Cela pourrait faire la matière d’un nouveau mythe que cette expression désormais courante qui veut que nous soyons composés, ainsi que tout être ou toute chose dans l’univers, de poussière d’étoiles. Cette très poétique expression, mesurée à la pousse de mes cheveux ou de mes ongles, n’est pas sans me laisser plus que rêveur : je viens, moi aussi, d’un lointain ailleurs, du fin fond d’un univers en pleine explosion prénatale de l’autre côté d’une horloge atomique. Remonter mentalement le cours de ces âges d’avant le temps ? Si deux miroirs se faisant face donnent une image exemplaire de l’infini, lorsque je me place entre eux, je réinstaure le présent et ses limites spatiotemporelles, ce présent dans lequel je suis tout juste capable de casser un sablier et de répandre sa poussière sur mon ombre – geste conjuratoire pour mieux rêver et me laisser posséder, brièvement, par le lot d’ancêtres que je porte dans mes neurones, mes cellules osseuses et mes spermatozoïdes.
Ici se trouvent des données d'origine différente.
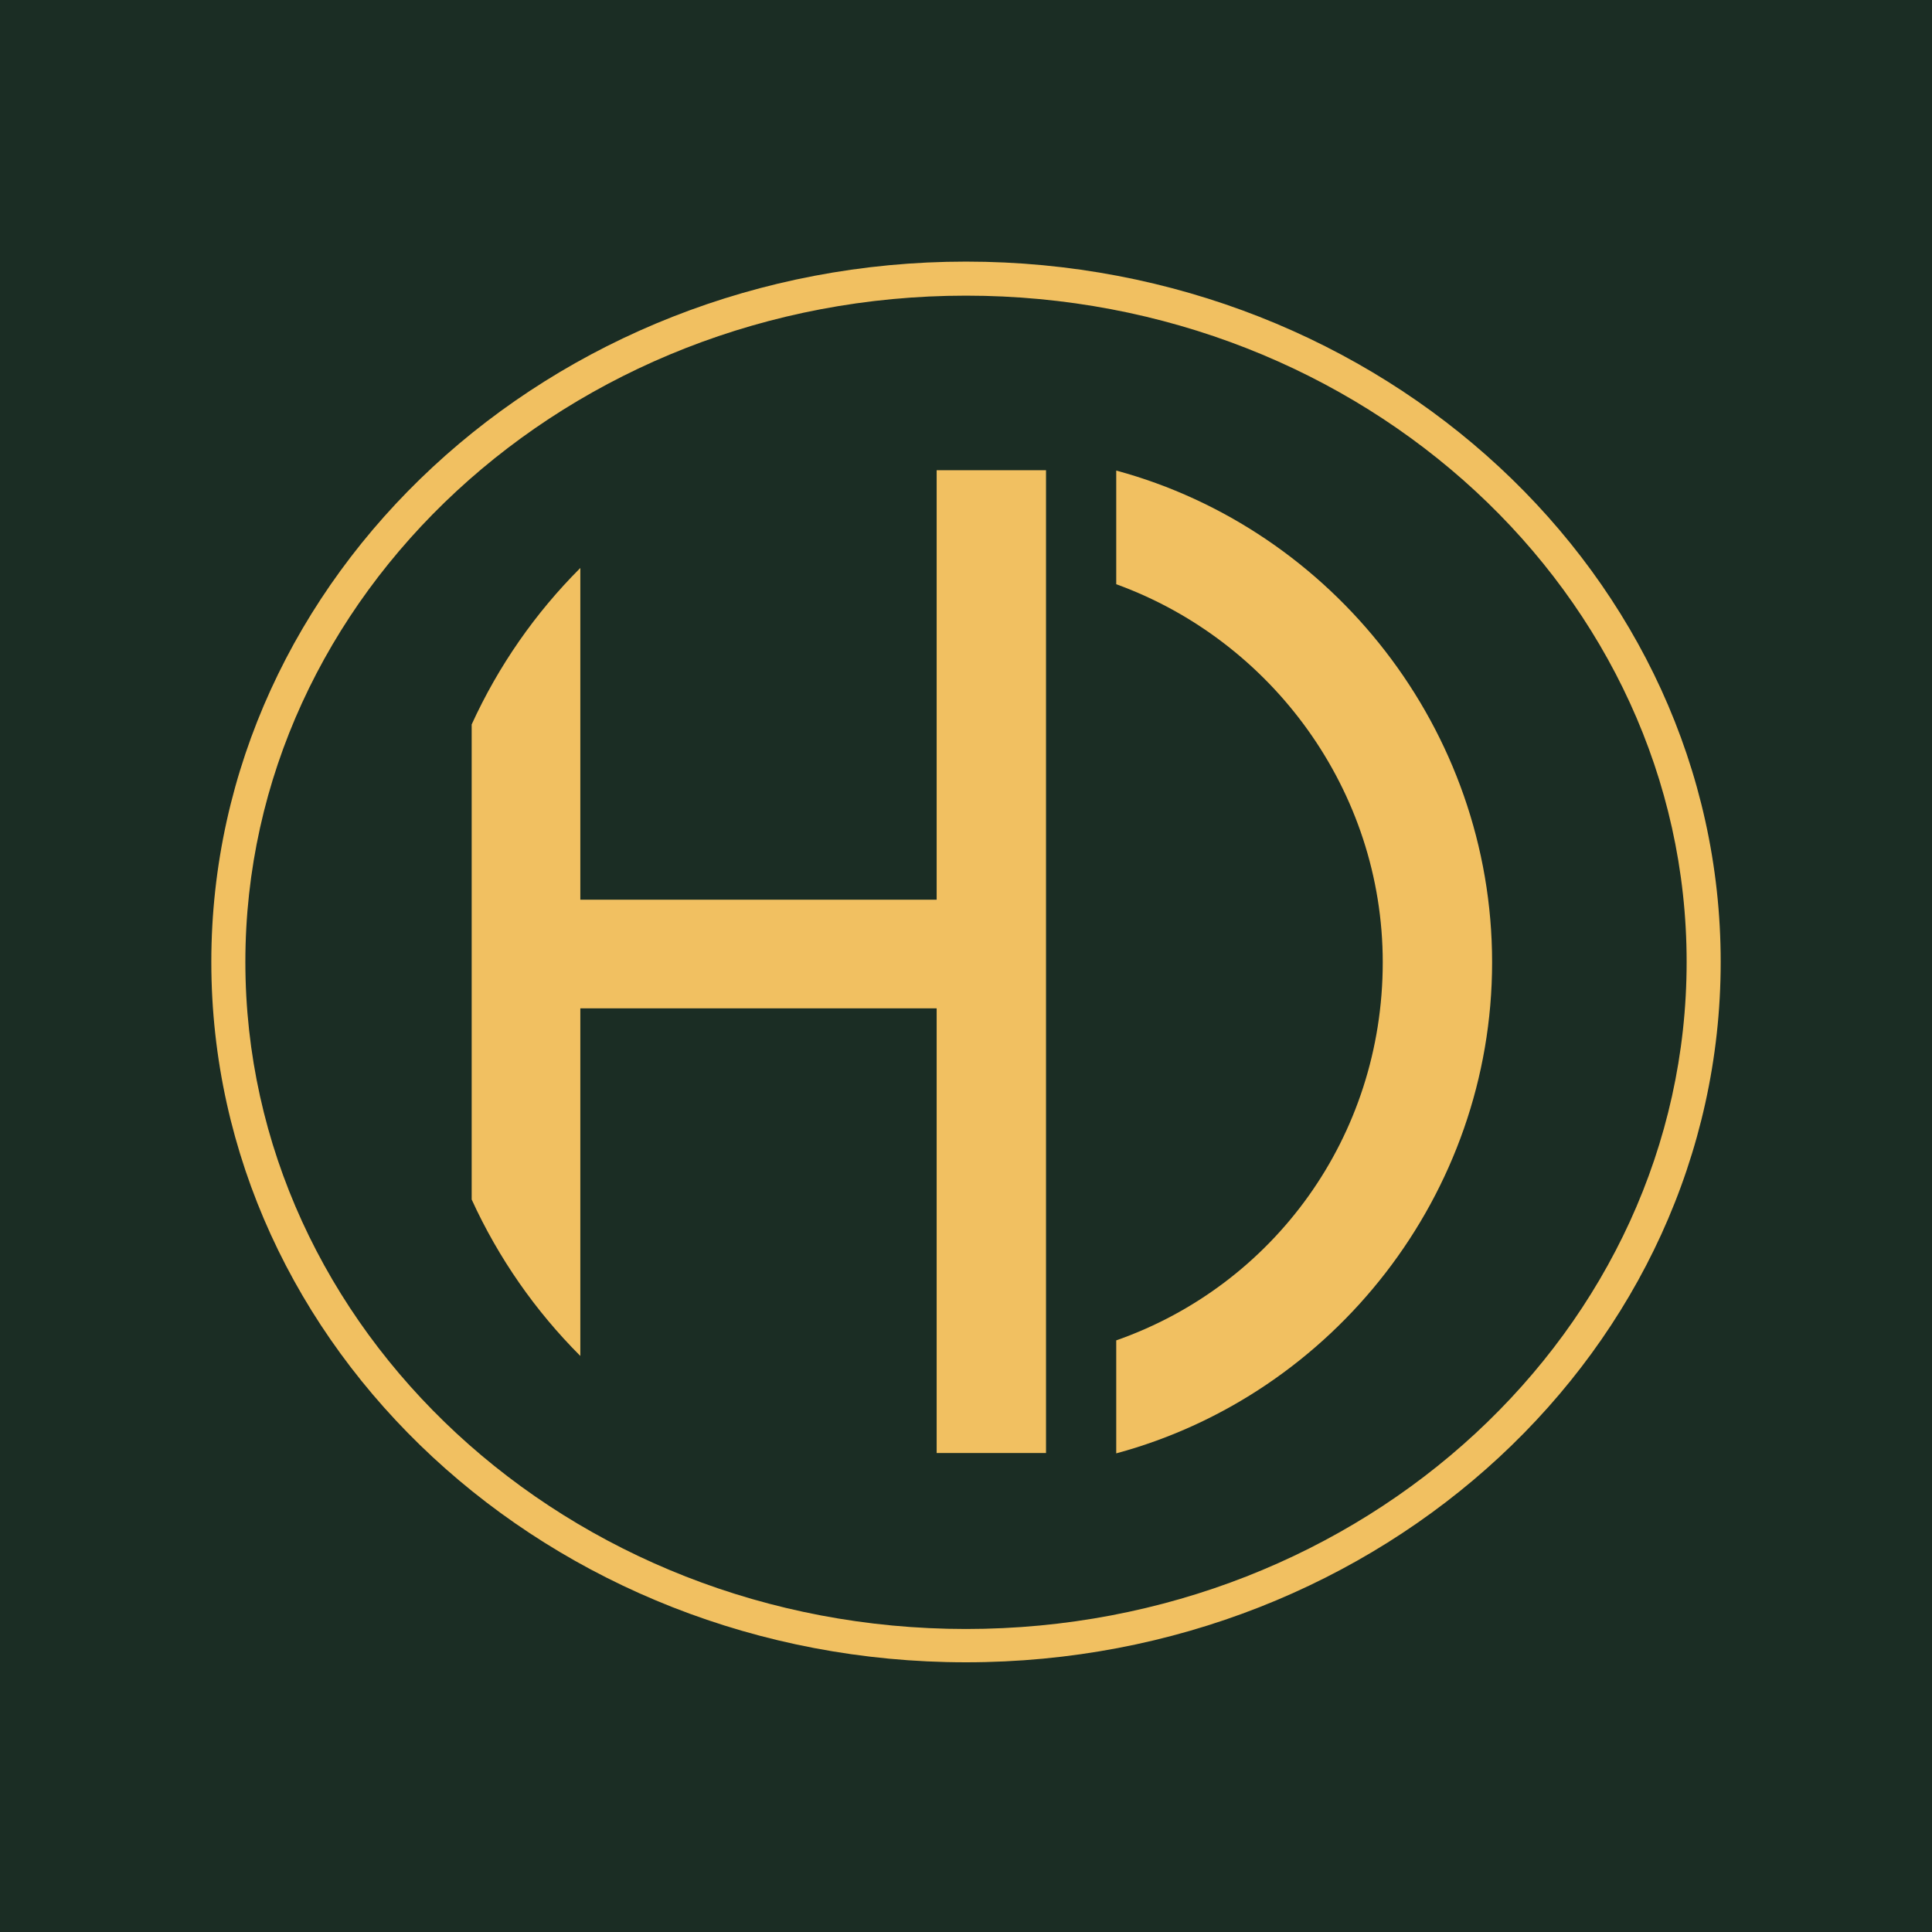<svg width="180" height="180" viewBox="0 0 180 180" fill="none" xmlns="http://www.w3.org/2000/svg">
    <rect width="180" height="180" fill="#1B2D24" />
    <path
        d="M90 24.373C51.268 24.373 19.688 53.657 19.688 89.622C19.688 125.657 51.268 154.872 90 154.872C128.732 154.872 160.313 125.653 160.313 89.622C160.313 53.657 128.732 24.373 90 24.373ZM90 151.769C52.955 151.769 22.86 123.901 22.86 89.622C22.86 55.41 52.955 27.545 90 27.545C127.045 27.545 157.14 55.413 157.14 89.622C157.14 123.901 127.045 151.769 90 151.769Z"
        fill="#F1C061" />
    <path
        d="M139.016 89.658C139.016 111.251 124.239 129.942 103.997 135.407V124.879C118.639 119.75 128.827 105.918 128.827 89.655C128.827 73.662 118.504 59.695 103.997 54.431V43.841C124.169 49.306 139.016 67.996 139.016 89.658Z"
        fill="#F1C061" />
    <path
        d="M97.455 43.808V135.374H87.266V93.944H54.068V126.332C49.885 122.148 46.442 117.224 43.945 111.755V67.493C46.442 62.028 49.881 57.1 54.068 52.916V83.821H87.266V43.808H97.455Z"
        fill="#F1C061" />
</svg>

Ce lieu où je suis en ce moment, à la porte de Paris, était à l’ère secondaire sous les flots d’une mer tropicale qui très lentement se retira pour laisser place à un vaste marécage peuplé de gigantesques sauriens dont les divers ébats amusaient sans doute les déjà très vénérables libellules. Des fossiles de dinosaures ont été mis à jour sous la pioche des ouvriers creusant les galeries du métro, au début du vingtième siècle : le savoir paléontologique imprégnait alors suffisamment les esprits pour qu’on ne se risquât plus à prendre ces restes imposants pour des reliques de dragons. Cet animal fabuleux, d’espèce définitivement exterminée par les super-héros du christianisme naissant, n’a donc pas sa place dans les musées d’histoire naturelle, quoique ses multiples descriptions et ses représentations dans la littérature et l’imagerie médiévales offrent assez de vraisemblance les unes par rapport aux autres pour que les amateurs de cryptozoologie puissent avec un sérieux quasi-pataphysique enquêter sur les possibilités de son existence. Allez, on concèdera un jour à de si minutieuses débauches de l’épistémologie des sciences de la nature le pouvoir de stimuler de plus vastes domaines que l’esprit ludique qui pourtant règne encore dans certains laboratoires : alliée aux débordements de l’expérience onirique, ces spéculations aident à construire non pas une machine désirante à jouer avec le temps, mais à ouvrir dans la perception de celui-ci, des dimensions quasi-hallucinatoires qui élargissant le réel aux tourbillons de la conscience aux prises avec ce qui pourrait être nommé, sans angoisse superflue, l’éternel retour de l’autre.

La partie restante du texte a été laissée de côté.